*** EXTRACTED DATA

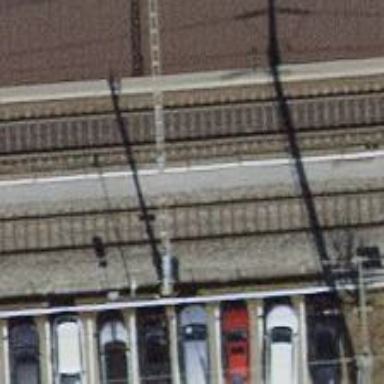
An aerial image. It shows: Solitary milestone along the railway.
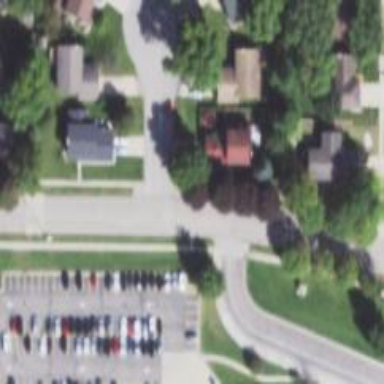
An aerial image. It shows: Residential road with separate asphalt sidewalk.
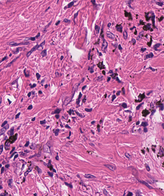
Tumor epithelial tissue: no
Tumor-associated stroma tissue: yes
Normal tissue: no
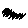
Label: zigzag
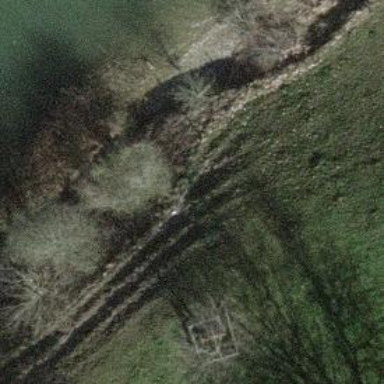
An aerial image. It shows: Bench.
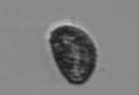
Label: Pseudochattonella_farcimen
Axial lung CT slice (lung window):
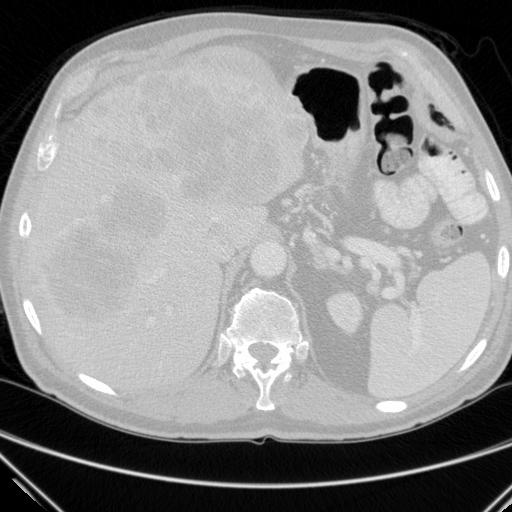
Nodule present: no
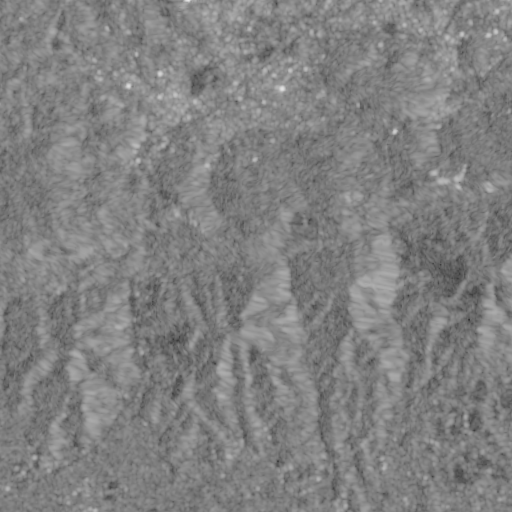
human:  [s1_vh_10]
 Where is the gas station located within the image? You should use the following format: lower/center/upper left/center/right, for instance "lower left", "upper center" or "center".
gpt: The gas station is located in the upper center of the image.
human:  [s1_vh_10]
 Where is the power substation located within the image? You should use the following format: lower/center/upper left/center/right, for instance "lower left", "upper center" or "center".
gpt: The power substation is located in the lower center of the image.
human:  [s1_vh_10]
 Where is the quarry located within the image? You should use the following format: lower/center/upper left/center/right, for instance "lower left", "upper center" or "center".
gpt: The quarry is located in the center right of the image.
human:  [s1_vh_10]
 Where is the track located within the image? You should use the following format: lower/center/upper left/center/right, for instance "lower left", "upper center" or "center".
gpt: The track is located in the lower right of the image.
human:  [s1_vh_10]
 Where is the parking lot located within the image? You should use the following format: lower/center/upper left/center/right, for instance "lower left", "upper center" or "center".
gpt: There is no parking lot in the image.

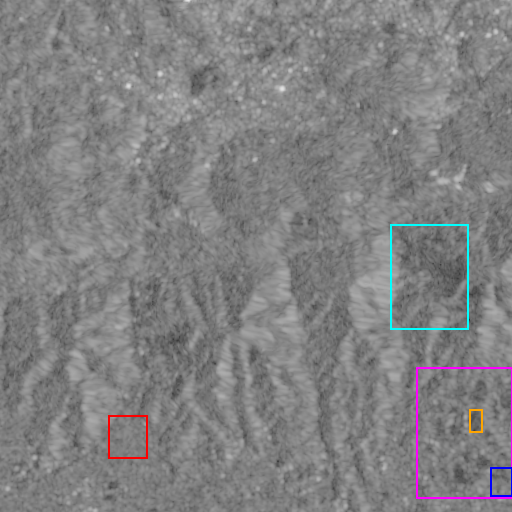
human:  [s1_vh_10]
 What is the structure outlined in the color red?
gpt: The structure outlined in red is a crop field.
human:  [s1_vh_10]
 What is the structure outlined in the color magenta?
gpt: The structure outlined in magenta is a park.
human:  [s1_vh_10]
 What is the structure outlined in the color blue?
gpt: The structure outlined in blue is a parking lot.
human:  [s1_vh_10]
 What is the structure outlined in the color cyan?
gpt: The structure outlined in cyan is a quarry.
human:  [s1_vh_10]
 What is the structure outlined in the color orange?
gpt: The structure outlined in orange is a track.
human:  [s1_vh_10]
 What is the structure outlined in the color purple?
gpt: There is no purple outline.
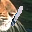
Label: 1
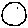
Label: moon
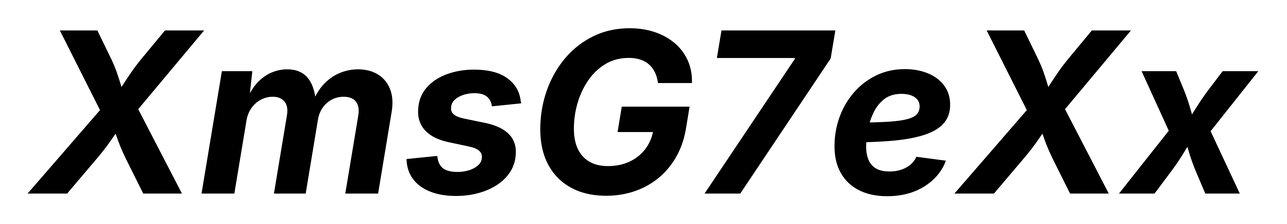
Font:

******

● EXERCISE PROMPT: Your reply should hold every line above exactly as written and none of the pictures.

● SOLUTION FOR THIS EXERCISE:
An aerial image. It shows: Solitary milestone along the railway.
An aerial image. It shows: Residential road with separate asphalt sidewalk.
Tumor epithelial tissue: no
Tumor-associated stroma tissue: yes
Normal tissue: no
Label: zigzag
An aerial image. It shows: Bench.
Label: Pseudochattonella_farcimen
Axial lung CT slice (lung window):
Nodule present: no
human:  [s1_vh_10]
 Where is the gas station located within the image? You should use the following format: lower/center/upper left/center/right, for instance "lower left", "upper center" or "center".
gpt: The gas station is located in the upper center of the image.
human:  [s1_vh_10]
 Where is the power substation located within the image? You should use the following format: lower/center/upper left/center/right, for instance "lower left", "upper center" or "center".
gpt: The power substation is located in the lower center of the image.
human:  [s1_vh_10]
 Where is the quarry located within the image? You should use the following format: lower/center/upper left/center/right, for instance "lower left", "upper center" or "center".
gpt: The quarry is located in the center right of the image.
human:  [s1_vh_10]
 Where is the track located within the image? You should use the following format: lower/center/upper left/center/right, for instance "lower left", "upper center" or "center".
gpt: The track is located in the lower right of the image.
human:  [s1_vh_10]
 Where is the parking lot located within the image? You should use the following format: lower/center/upper left/center/right, for instance "lower left", "upper center" or "center".
gpt: There is no parking lot in the image.

human:  [s1_vh_10]
 What is the structure outlined in the color red?
gpt: The structure outlined in red is a crop field.
human:  [s1_vh_10]
 What is the structure outlined in the color magenta?
gpt: The structure outlined in magenta is a park.
human:  [s1_vh_10]
 What is the structure outlined in the color blue?
gpt: The structure outlined in blue is a parking lot.
human:  [s1_vh_10]
 What is the structure outlined in the color cyan?
gpt: The structure outlined in cyan is a quarry.
human:  [s1_vh_10]
 What is the structure outlined in the color orange?
gpt: The structure outlined in orange is a track.
human:  [s1_vh_10]
 What is the structure outlined in the color purple?
gpt: There is no purple outline.
Label: 1
Label: moon
Font:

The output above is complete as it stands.